The result: english corrector without keyboard layout corrected 5 out of 9 sentences.

* With keyboard layout

In [141]:
for sent, true in zip(english_test, english_true):
    sent = sent.lower()
    true = true.lower()
    correction = sent_correction(en_bi_sc, sent, with_keyboard_layout=True)
    if correction == true:
        print(f"{correction} == {true}")
    else:
        print(f"{correction} != {true}")

i love too eat ice cream != i love to eat ice cream
she is very quiet in class == she is very quiet in class
then whether a changing != the weather is changing
he bought a page of shoes != he bought a pair of shoes
the cat is laying in the sun != the cat is lying in the sun
she can hear the music from the next room == she can hear the music from the next room
i would like some more coffee == i would like some more coffee
the restart it looking more != the restaurant is losing money
he asked for a piece of pie == he asked for a piece of pie


The result: english corrector with keyboard layout corrected 4 out of 9 sentences.

In [159]:
sent = "To impove the solusion they was decided too add the Russia languag as ir my native language and I familar wiht it suntax and semantik and to add a opportunety to apply key bord layout for colection."
print(f"Correction of the sentence by bigram model: {sent_correction(en_bi_sc, sent)}")
print(f"Correction of the sentence by bigram model: {sent_correction(en_bi_sc, sent, True)}")

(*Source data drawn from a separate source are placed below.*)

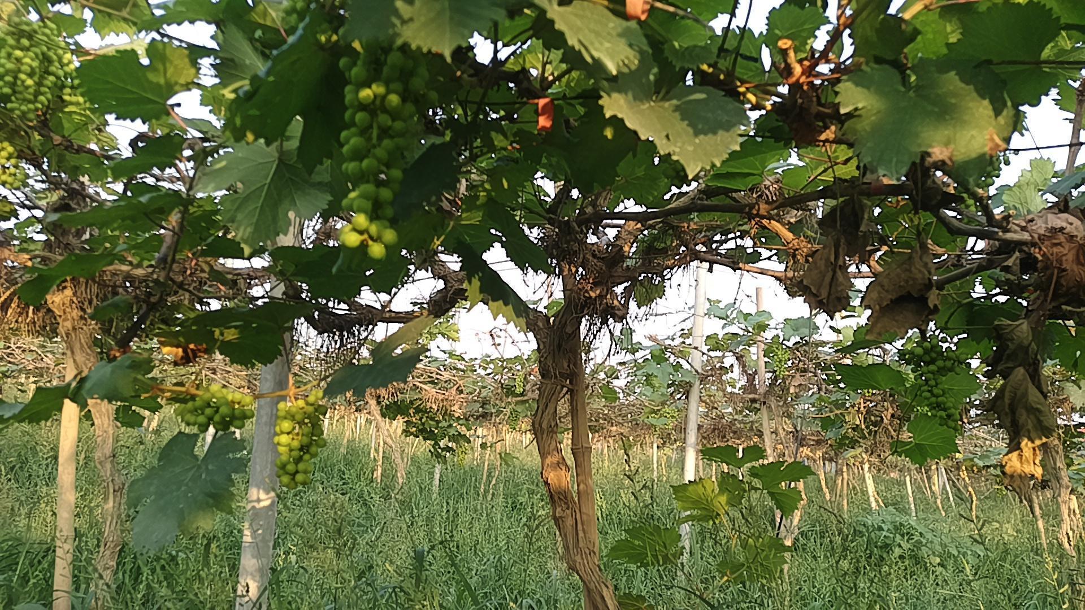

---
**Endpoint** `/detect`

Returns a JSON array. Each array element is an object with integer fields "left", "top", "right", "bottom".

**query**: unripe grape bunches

[
  {"left": 956, "top": 154, "right": 1009, "bottom": 212},
  {"left": 0, "top": 17, "right": 81, "bottom": 123},
  {"left": 338, "top": 41, "right": 438, "bottom": 259},
  {"left": 174, "top": 385, "right": 254, "bottom": 432},
  {"left": 0, "top": 142, "right": 26, "bottom": 189},
  {"left": 274, "top": 389, "right": 327, "bottom": 489},
  {"left": 280, "top": 0, "right": 344, "bottom": 56},
  {"left": 899, "top": 335, "right": 970, "bottom": 433}
]

Correction of the sentence by bigram model: to improve the solution they was decided to add the russian language as if my native language and a familiar with it sunday and semantic and to add an opportunity to apply any word about for collection
Correction of the sentence by bigram model: to impose the solution they was decided to add the russian language as i my native language and a familiar with it sunday and semantic and to add as opportunity to apply my word about for collection


#### 1) Evaluating of russian corrector 

In [218]:
russian_test = [
    "Я купили билет на рынке",
    "Мы пойдем на балл",
    "Она выгледит очень хорошо",
    "Вчера был тижeлый день на работе",
    "Он учитса в университет",
    "Эта требует вркмени",
    "Я встречаюс с ней ужe два нода",
    "Мы собираемса на море в июне",
    "Пулец вылетела из могил",
    "Я работаю в крупная копмании",
    "Он часто бфвает на море"
]

russian_true = [
    "Я купил билет на рынке",
    "Мы пойдем на бал",
    "Она выглядит очень хорошо",
    "Вчера был тяжeлый день на работе",
    "Он учится в университете",
    "Это требует времени",
    "Я встречаюс с ней ужe два нода",
    "Мы собираемса на море в июне",
    "Пулец вылетела из могил",
    "Я работаю в крупная копмании",
    "Он часто бфвает на море"
]


* Without keyboard layout (Norvig's solution)

In [219]:
for sent, true in zip(russian_test, russian_true):
    sent = sent.lower()
    true = true.lower()
    correction = sent_correction(ru_sc, sent, with_keyboard_layout=False)
    if correction == true:
        print(f"{correction} == {true}")
    else:
        print(f"{correction} != {true}")

я купил билет на рынке == я купил билет на рынке
мы пойдет на бали != мы пойдем на бал
она выглядит очень хорошо == она выглядит очень хорошо


вчера был тяжелый цены на работе != вчера был тяжeлый день на работе
он учился в университет != он учится в университете
это требует времени == это требует времени
я встреча с нет уже два года != я встречаюс с ней ужe два нода
мы собираемся в морем в июне != мы собираемса на море в июне
пулей вылетела из могилы != пулец вылетела из могил
я работаю в крупные компании != я работаю в крупная копмании
он часто бывает на море != он часто бфвает на море


The result: russian corrector without keyboard layout corrected 3 out of 11 sentences.

* With keyboard layout

In [220]:
for sent, true in zip(russian_test, russian_true):
    sent = sent.lower()
    true = true.lower()
    correction = sent_correction(ru_sc, sent, with_keyboard_layout=True)
    if correction == true:
        print(f"{correction} == {true}")
    else:
        print(f"{correction} != {true}")

я купил билет на рынке == я купил билет на рынке
мы пойдет на бал != мы пойдем на бал
она выглядит очень хорошо == она выглядит очень хорошо
вчера был тяжелый деньги на работе != вчера был тяжeлый день на работе
он учился в университет != он учится в университете
это требует времени == это требует времени
я встреча с нет уже два года != я встречаюс с ней ужe два нода
мы собираемся в морем в июне != мы собираемса на море в июне
пулей вылетела из могилы != пулец вылетела из могил
я работаю в крупных компаний != я работаю в крупная копмании
он часто бывает на море != он часто бфвает на море


The result: russian corrector with keyboard layout corrected 3 out of 11 sentences.

# Conclusion 


I explored Norvig's solution and have extended the algorithm to consider keyboard layout and correct Russian language (instead of English). As in Norvig's I have used the notion of edit distance (or Levenstein distance), but with an important advancement. Costs were weighted by the distance between letters on keyboard. For example, replacing "а" with "я" will cost less, than "а" with "э" as they are located in different parts of keyboard.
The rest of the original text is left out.